Do you have to use a GUI?Â
Nope. Not to manage a deployed grid, anyway. I don’t know why you *wouldn’t* use the GUI to lay everything out and get a rough architecture into test mode quickly, but I guess technically you don’t have to use a GUI for that either. I have personally not used the GUI since the grid was in production. I use the standard UNIX-guy key-based ssh tunnels for everything. If I need to make a change to a component, I do it using a key-based ssh tunnel to the “grid controller” which is assigned to you when you get your grid.
Do I have to run <some bad distro here>
You can technically run whatever you want if you want to set it up manually. I don’t know of any restrictions as to Linux distribution. There are some special instructions regarding building custom kernels so that they work with the virtualization at the kernel level that AppLogic uses, but that’s all I’ve run into so far. They also provide some stock “template” components that can save you some headaches getting started. If you want a CentOS 5 MySQL server, it’s already there, and it’s not laden with AppLogic nonsense. It’s all stock as supplied by Cent. If you want a blank-slate install so you can add only what you need when you need it, that’s already there as well. What I’ve found so far is that the AppLogic builds do a much better job of creating a functional, but minimal, installation than I tend to do myself.

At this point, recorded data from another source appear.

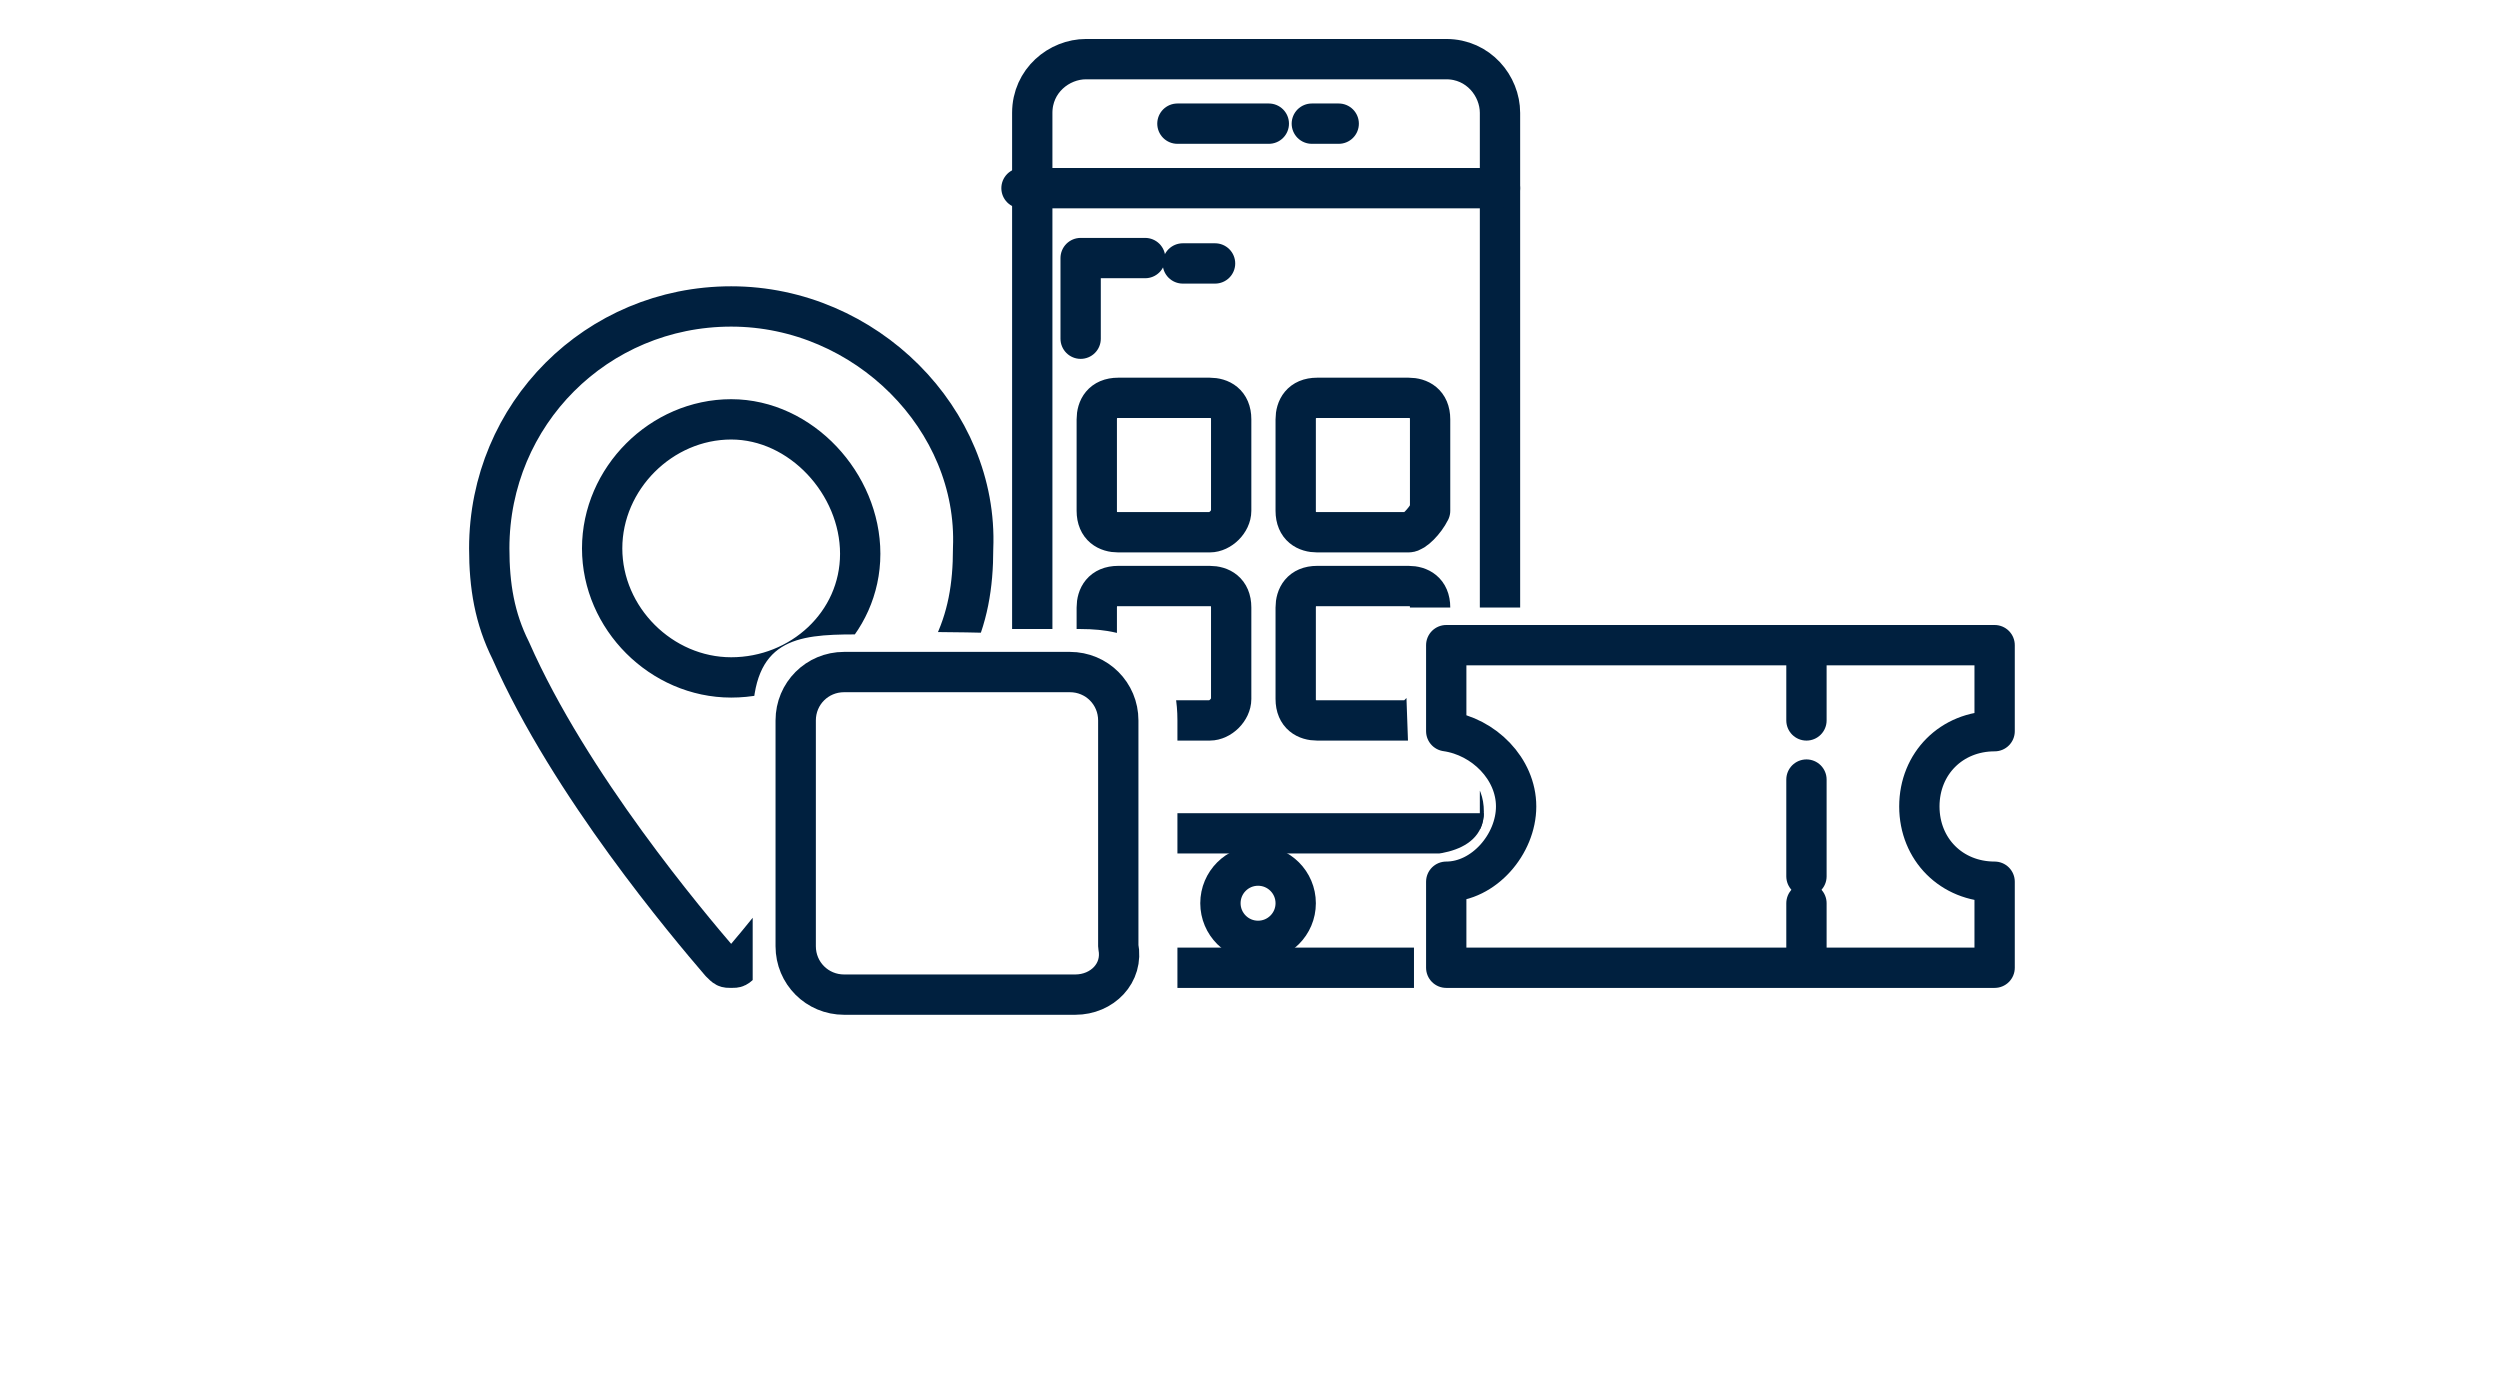 <?xml version="1.0" encoding="utf-8"?>
<!-- Generator: Adobe Illustrator 22.0.1, SVG Export Plug-In . SVG Version: 6.00 Build 0)  -->
<svg version="1.1" id="Layer_1" xmlns="http://www.w3.org/2000/svg" xmlns:xlink="http://www.w3.org/1999/xlink" x="0px" y="0px"
	 viewBox="0 0 46.5 25.8" style="enable-background:new 0 0 46.5 25.8;" xml:space="preserve">
<style type="text/css">
	.st0{fill:none;stroke:#00203F;stroke-width:0.75;stroke-linecap:round;stroke-linejoin:round;stroke-miterlimit:10;}
	.st1{clip-path:url(#SVGID_2_);}
	.st2{clip-path:url(#SVGID_4_);}
</style>
<g>
	<path class="st0" d="M20,18.5h-4.3c-0.5,0-0.9-0.4-0.9-0.9v-4.2c0-0.5,0.4-0.9,0.9-0.9h4.2c0.5,0,0.9,0.4,0.9,0.9v4.2
		C20.9,18.1,20.5,18.5,20,18.5z"/>
	<g>
		<path class="st0" d="M35.7,15c0,0.8,0.6,1.4,1.4,1.4V18H26.9v-1.6c0.7,0,1.3-0.7,1.3-1.4s-0.6-1.3-1.3-1.4V12h10.2v1.6
			C36.3,13.6,35.7,14.2,35.7,15z"/>
		<g>
			<g>
				<line class="st0" x1="33.6" y1="12.2" x2="33.6" y2="13.4"/>
				<line class="st0" x1="33.6" y1="14.5" x2="33.6" y2="16.3"/>
				<line class="st0" x1="33.6" y1="16.8" x2="33.6" y2="17.9"/>
			</g>
		</g>
	</g>
	<g>
		<g>
			<g>
				<g>
					<g>
						<defs>
							<path id="SVGID_1_" d="M17.8,5.1l0.3-3.5V0.1h10.7v3.6l0.3,6.2v1.4h-3l0.1,2.8c0,0,1.4-0.1,1.4,1c0,0.9-1.3,0.8-1.3,0.8v2.6
								l-4.4,0.2v-5.3c0-1.4-0.9-1.7-1.8-1.7h-1.4V7.1L17.8,5.1z"/>
						</defs>
						<clipPath id="SVGID_2_">
							<use xlink:href="#SVGID_1_"  style="overflow:visible;"/>
						</clipPath>
						<g class="st1">
							<path class="st0" d="M26.8,18h-6.6c-0.6,0-1-0.5-1-1V2.1c0-0.6,0.5-1,1-1h6.7c0.6,0,1,0.5,1,1V17C27.8,17.6,27.4,18,26.8,18z
								"/>
							<line class="st0" x1="19" y1="3.5" x2="27.9" y2="3.5"/>
							<line class="st0" x1="19" y1="15.5" x2="27.9" y2="15.5"/>
							<g>
								<line class="st0" x1="21.9" y1="2.3" x2="23.6" y2="2.3"/>
								<line class="st0" x1="24.4" y1="2.3" x2="24.9" y2="2.3"/>
							</g>
							<circle class="st0" cx="23.4" cy="16.8" r="0.7"/>
							<polyline class="st0" points="20.1,6.3 20.1,4.8 21.3,4.8 							"/>
							<line class="st0" x1="22" y1="4.9" x2="22.6" y2="4.9"/>
							<g>
								<path class="st0" d="M26.2,9.9h-1.7c-0.2,0-0.4-0.1-0.4-0.4V7.8c0-0.2,0.1-0.4,0.4-0.4h1.7c0.2,0,0.4,0.1,0.4,0.4v1.7
									C26.5,9.7,26.3,9.9,26.2,9.9z"/>
								<path class="st0" d="M22.5,9.9h-1.7c-0.2,0-0.4-0.1-0.4-0.4V7.8c0-0.2,0.1-0.4,0.4-0.4h1.7c0.2,0,0.4,0.1,0.4,0.4v1.7
									C22.9,9.7,22.7,9.9,22.5,9.9z"/>
							</g>
							<g>
								<path class="st0" d="M26.2,13.4h-1.7c-0.2,0-0.4-0.1-0.4-0.4v-1.7c0-0.2,0.1-0.4,0.4-0.4h1.7c0.2,0,0.4,0.1,0.4,0.4V13
									C26.5,13.2,26.3,13.4,26.2,13.4z"/>
								<path class="st0" d="M22.5,13.4h-1.7c-0.2,0-0.4-0.1-0.4-0.4v-1.7c0-0.2,0.1-0.4,0.4-0.4h1.7c0.2,0,0.4,0.1,0.4,0.4V13
									C22.9,13.2,22.7,13.4,22.5,13.4z"/>
							</g>
						</g>
					</g>
				</g>
			</g>
		</g>
	</g>
	<g>
		<g>
			<g>
				<g>
					<g>
						<defs>
							<path id="SVGID_3_" d="M19.3,11.8c0-1.5-0.2-4.7-2.7-6.5S9.5,4.6,9.5,4.6l-1.6,6.6l3.5,7.5l2.6-0.1c0,0,0-3.7,0-5.2
								s0.8-1.6,1.9-1.6C16.9,11.7,19.3,11.8,19.3,11.8z"/>
						</defs>
						<clipPath id="SVGID_4_">
							<use xlink:href="#SVGID_3_"  style="overflow:visible;"/>
						</clipPath>
						<g class="st2">
							<path class="st0" d="M13.6,5.7c-2.5,0-4.5,2-4.5,4.5c0,0.7,0.1,1.3,0.4,1.9c1.1,2.5,3.3,5.1,3.9,5.8c0.1,0.1,0.1,0.1,0.2,0.1
								c0.1,0,0.1,0,0.2-0.1c0.6-0.7,2.8-3.4,3.9-5.8c0.3-0.6,0.4-1.2,0.4-1.9C18.2,7.8,16.1,5.7,13.6,5.7z M13.6,12.6
								c-1.3,0-2.4-1.1-2.4-2.4s1.1-2.4,2.4-2.4S16,9,16,10.3S14.9,12.6,13.6,12.6z"/>
						</g>
					</g>
				</g>
			</g>
		</g>
	</g>
</g>
</svg>

Our VPS uses all kinds of software on our OS and it eats up resources. How’s AppLogic in that regard?
Tell me about it. I was looking at a server that ran like three mail servers, 3 different server management software packages (virtuozzo, cpanel, and one other one), several web-based apps that weren’t even being used, tons of monitoring stuff, and… enough stuff to bog down a “blazing fast” server before any real “stuff” was running on it.
In contrast, AppLogic’s presence on your servers is really not noticeable at all. There is a stock monitoring device that they supply, and it talks to a daemon that runs on every server by default (I think – I haven’t used *every* stock catalog component they supply – yet). I don’t use the monitoring device, so I was able to kill off that daemon (I got confirmation that that was ok to do, by the way). The monitoring device wasn’t particularly useful. It was kind of just pretty pictures showing activity for the last 3 minutes and that was basically it. I need traps, alerts, and some history to help with capacity planning, so I’m rolling my own in that department. You can, of course, install whatever the heck you want on the systems, by the way — I coded a MySQL backup routine in Python (I’ll release that code at some point if anyone cares), installed snmptrapd and stuff on all of the servers, and there’s more to come as well.
What was the biggest problem you had?
I had set up redundant Apache servers with KeepAlives set to “on”, not realizing that one of the load balancers (which I’d treated as a black box up until this point) was running either a version or configuration of the “pound” daemon that didn’t like that at all. I was getting crazy log messages, timeouts, 500 errors, the works. I got on the phone with support and they got the right people involved in just a couple of minutes. It turned out that I fixed the issue myself by just turning off KeepAlives in Apache, but it’s nice to know they’re there.
There’s some debate about using KeepAlives when you’re using a load balancer or in high-performance scenarios in general — that much I knew. I also knew that some reverse proxies puked on KeepAlives. So I turned off KeepAlives, and the problem magically disappeared immediately.
Would you do it again?
Yeah, if the circumstances were right, I definitely would. I have one government client that I don’t think could ever get an approval to use something like this, and I have a smaller client who might consider it overkill, but for a privately held small-to-midsize company looking for a cost-effective way to get some benefits like redundancy and easier scalability into their architecture, this is good stuff.